The marsh grass field trip is a fun experience where you get to help the environment as well as make amazing memories with your best friends. Canterbury is community of cooperative people who want to do their best to help the environment. -- Bibi P.
 
REFLECTIONS FROM GRADE 8
I have gone to Canterbury for ten years now. I have been here through the growth and development of the marine studies program, especially the marsh grass program. When I was in first grade the marsh grass was first put on the playground. Through the years I have learned how to measure the ph levels of the grass, how to plant it, harvest it, and tell if the grass is healthy. In our experience with the grass we had classroom activities as well. We learned its scientific name “spartina,” the animals that live in it, and why it is important to Florida's ecosystem. Through this program me and my fellow eighth graders help the younger students have the same a great experience that I had. -- Nia T.

Once you understand the importance of the trip and marsh grass (Spartina alterniflora), it is easy to handle the plants delicately with care, as it strongly affects the ecosystem. Marsh grass grows, and is a part of wetlands, which acts as a flood control, filters the dirty water (although it has its limits), and is a habitat to many wildlife such as ducks, fish, reptiles, amphibians etc.

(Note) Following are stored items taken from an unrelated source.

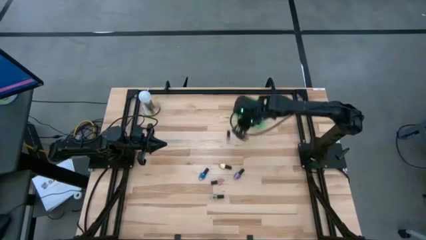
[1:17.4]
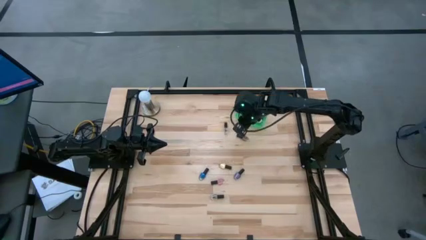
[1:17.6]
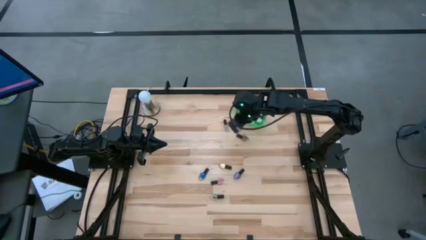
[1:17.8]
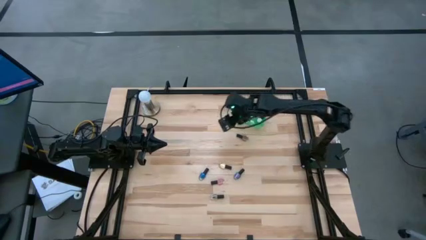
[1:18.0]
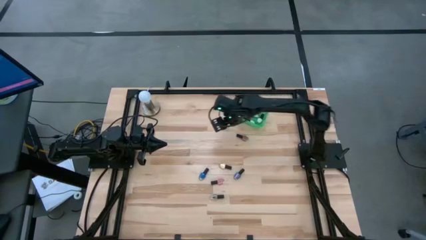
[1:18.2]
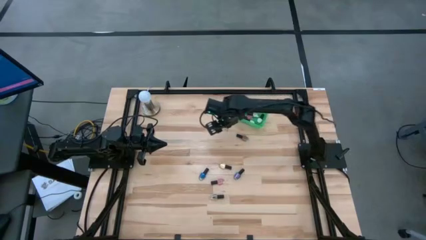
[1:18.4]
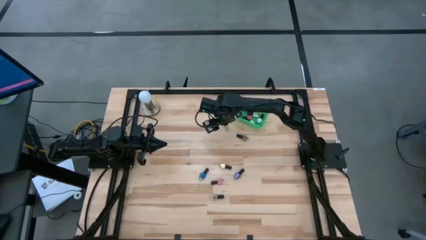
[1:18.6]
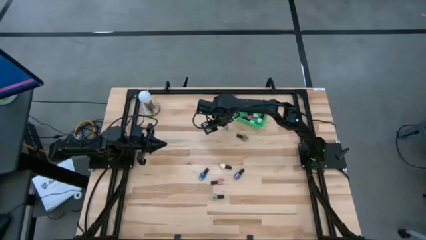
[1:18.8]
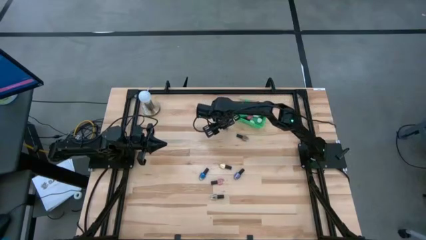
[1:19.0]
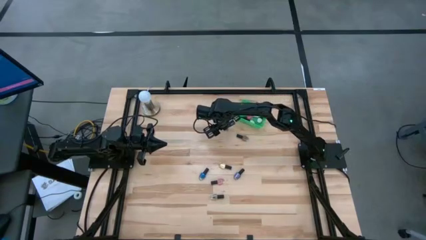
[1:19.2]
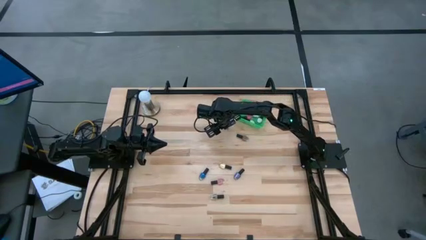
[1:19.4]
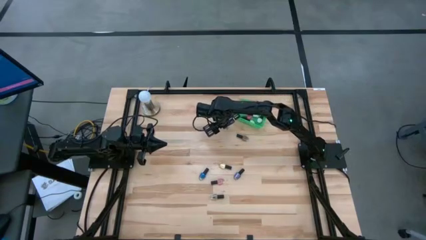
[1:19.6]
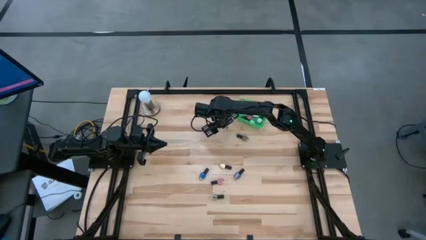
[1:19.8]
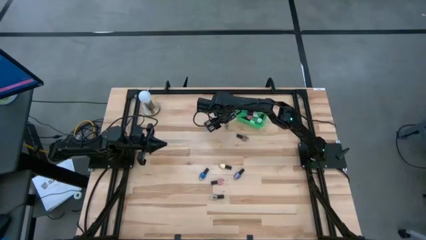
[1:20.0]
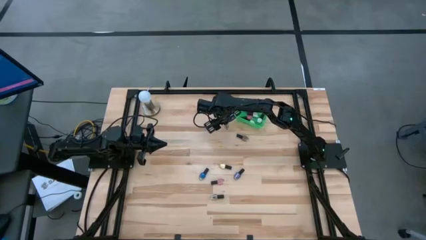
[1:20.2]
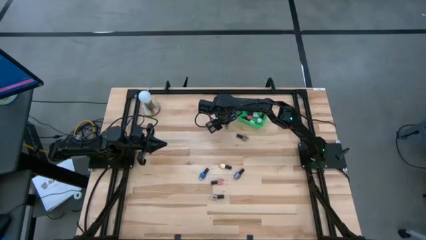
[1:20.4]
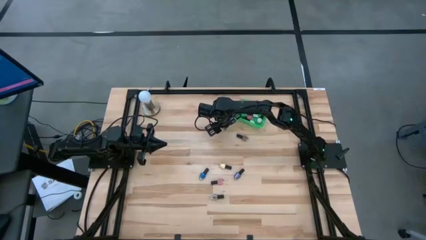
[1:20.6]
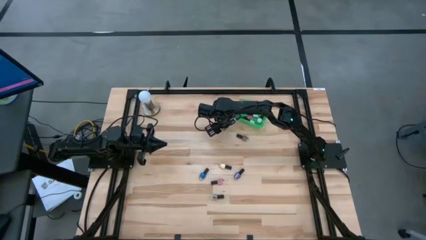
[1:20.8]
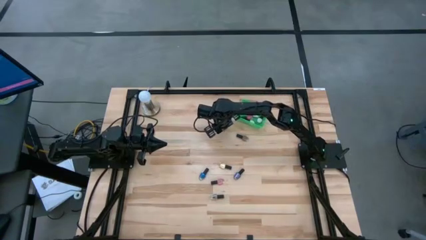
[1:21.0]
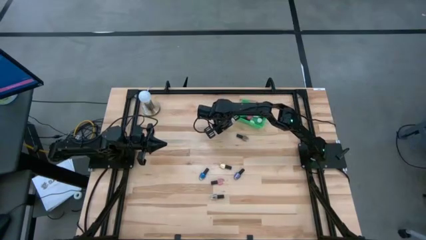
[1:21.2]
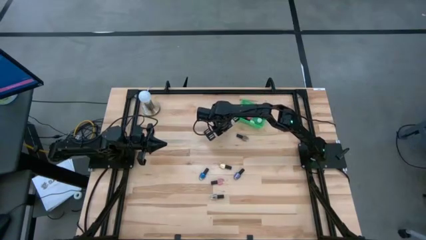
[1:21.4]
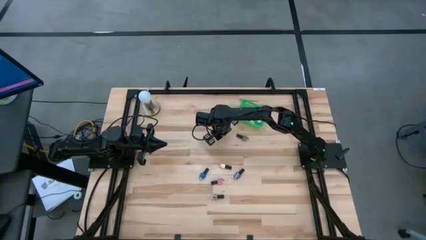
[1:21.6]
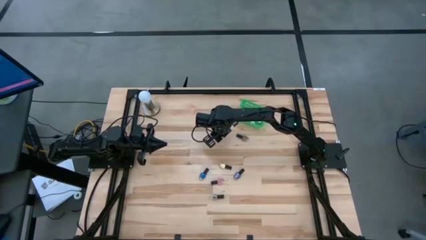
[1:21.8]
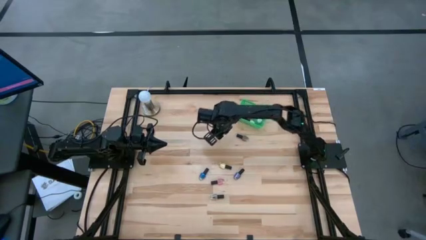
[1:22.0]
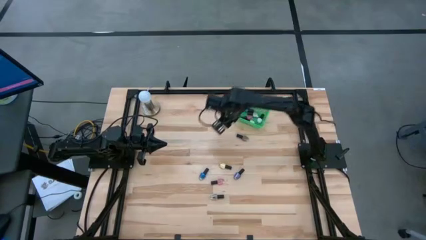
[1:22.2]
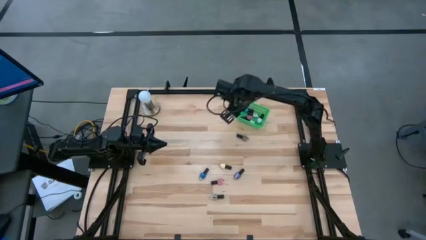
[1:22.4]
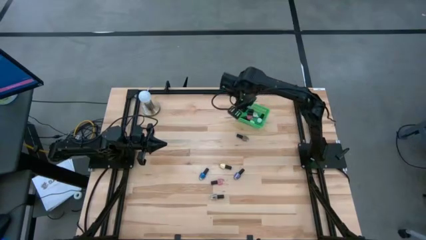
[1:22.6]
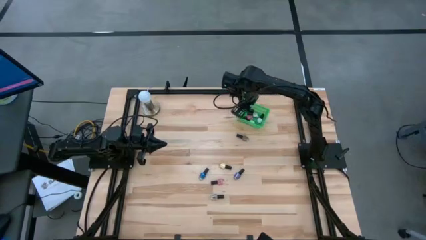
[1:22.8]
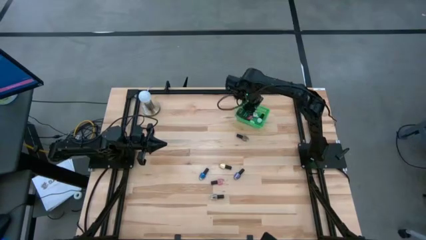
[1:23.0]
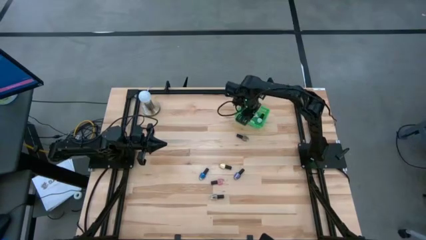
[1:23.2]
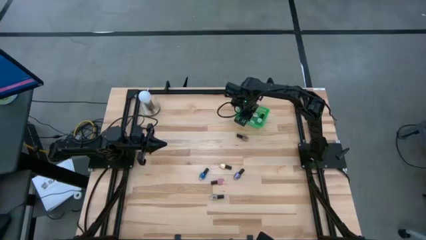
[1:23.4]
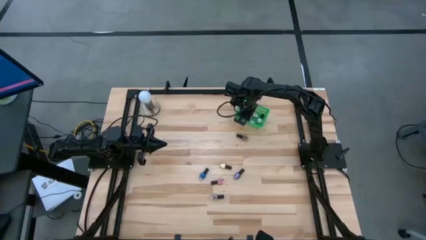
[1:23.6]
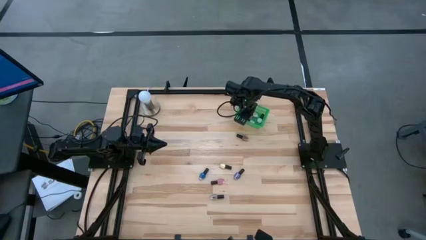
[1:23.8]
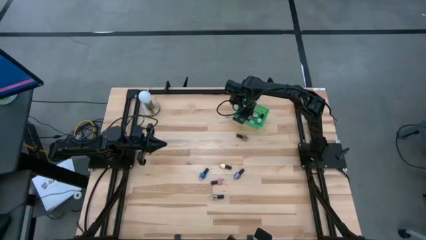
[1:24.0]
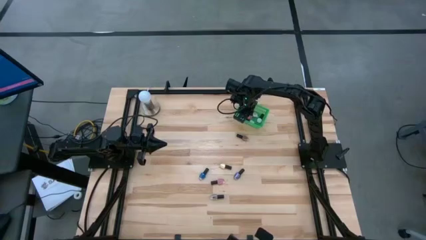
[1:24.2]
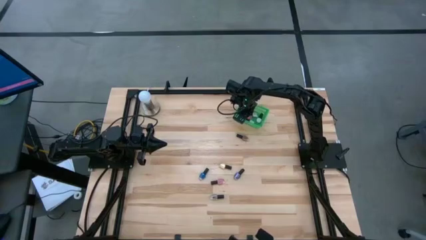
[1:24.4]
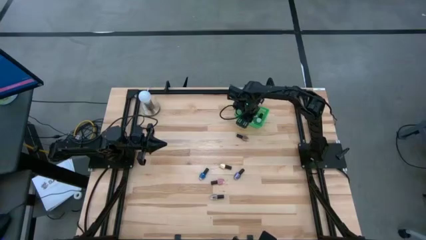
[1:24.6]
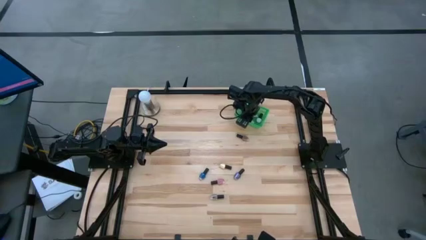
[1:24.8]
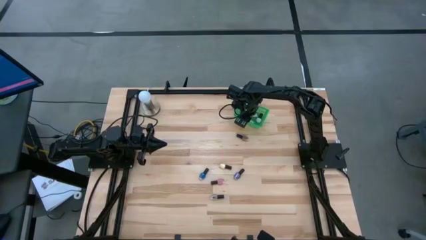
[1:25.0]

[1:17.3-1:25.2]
Put the right transparent nail polish into the green bin

However, the wetlands and marsh grasses are getting destroyed mainly due to human impacts. Humans would sometimes fill the wetlands with trash, and more dirt and concrete to establish new buildings, which destroys those wetlands. So in order to renew some of the wetlands, we teamed up with Tampa Bay Watch to plant and grow back the marsh grasses, hoping to renovate and help thrive the wetland marshes. -- Jessica L.

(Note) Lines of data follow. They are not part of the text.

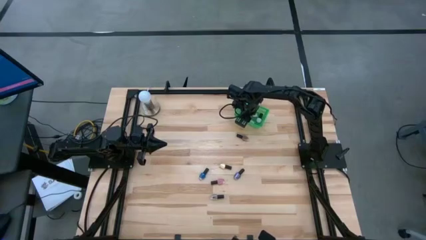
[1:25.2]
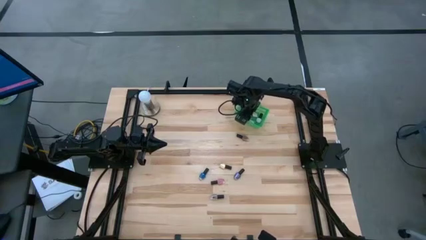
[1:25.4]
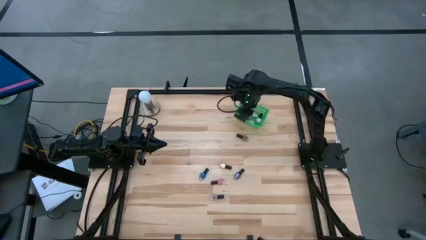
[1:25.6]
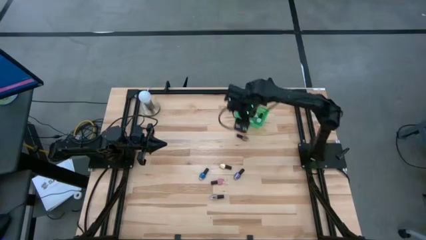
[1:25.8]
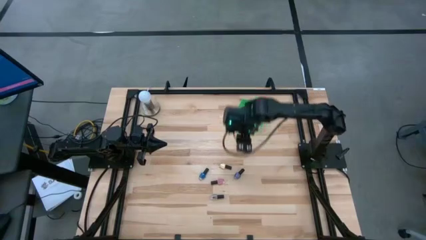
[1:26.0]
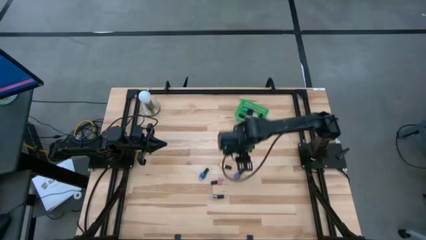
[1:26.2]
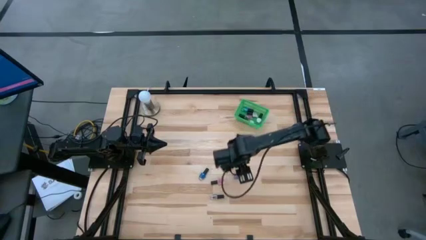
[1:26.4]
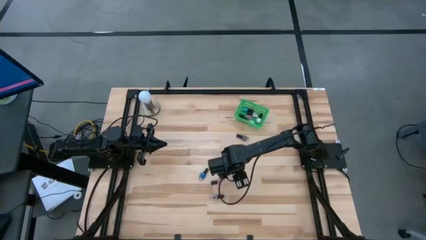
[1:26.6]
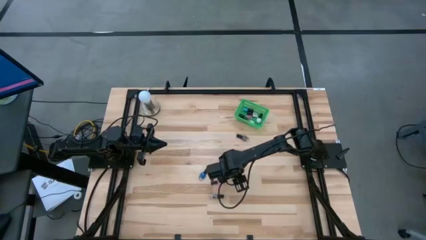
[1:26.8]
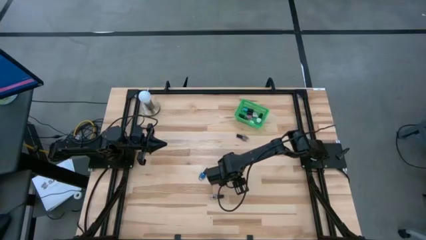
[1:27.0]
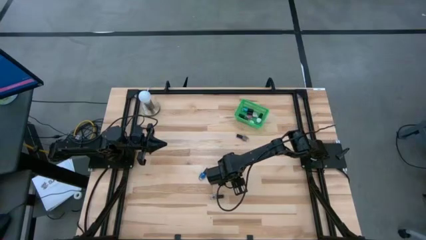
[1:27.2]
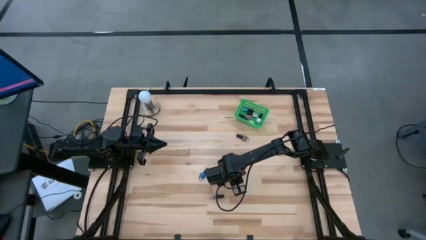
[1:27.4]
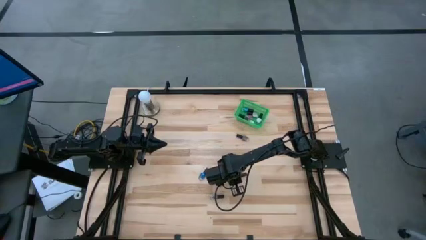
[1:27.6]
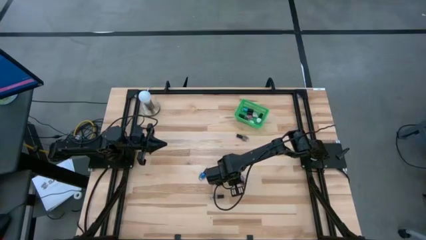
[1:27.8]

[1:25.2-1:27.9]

We went on this field trip to provide community service to the school, and to help the environment. Thanks to our efforts, next year the other middle schoolers can harvest these plants and put them into our ecosystem. This will help regulate floodwaters and prevent damage to natural habitats. When we got to the Hough Campus, I was very excited to see all of my old teachers, and I wanted to dive right into the work so I thrust my hands into the mud, and pulled out the harvested plants--my hands came out looking like a pig pen! I was a little nervous at first, and washed off my hands and stayed back a bit, not wanting to get dirty. But with a little encouragement from my friends, I was ready to go all in! I learned a lot about teamwork and friendship, and that it’s okay to be nervous, but sometimes you just have to embrace it, and get muddy! -- Jared M.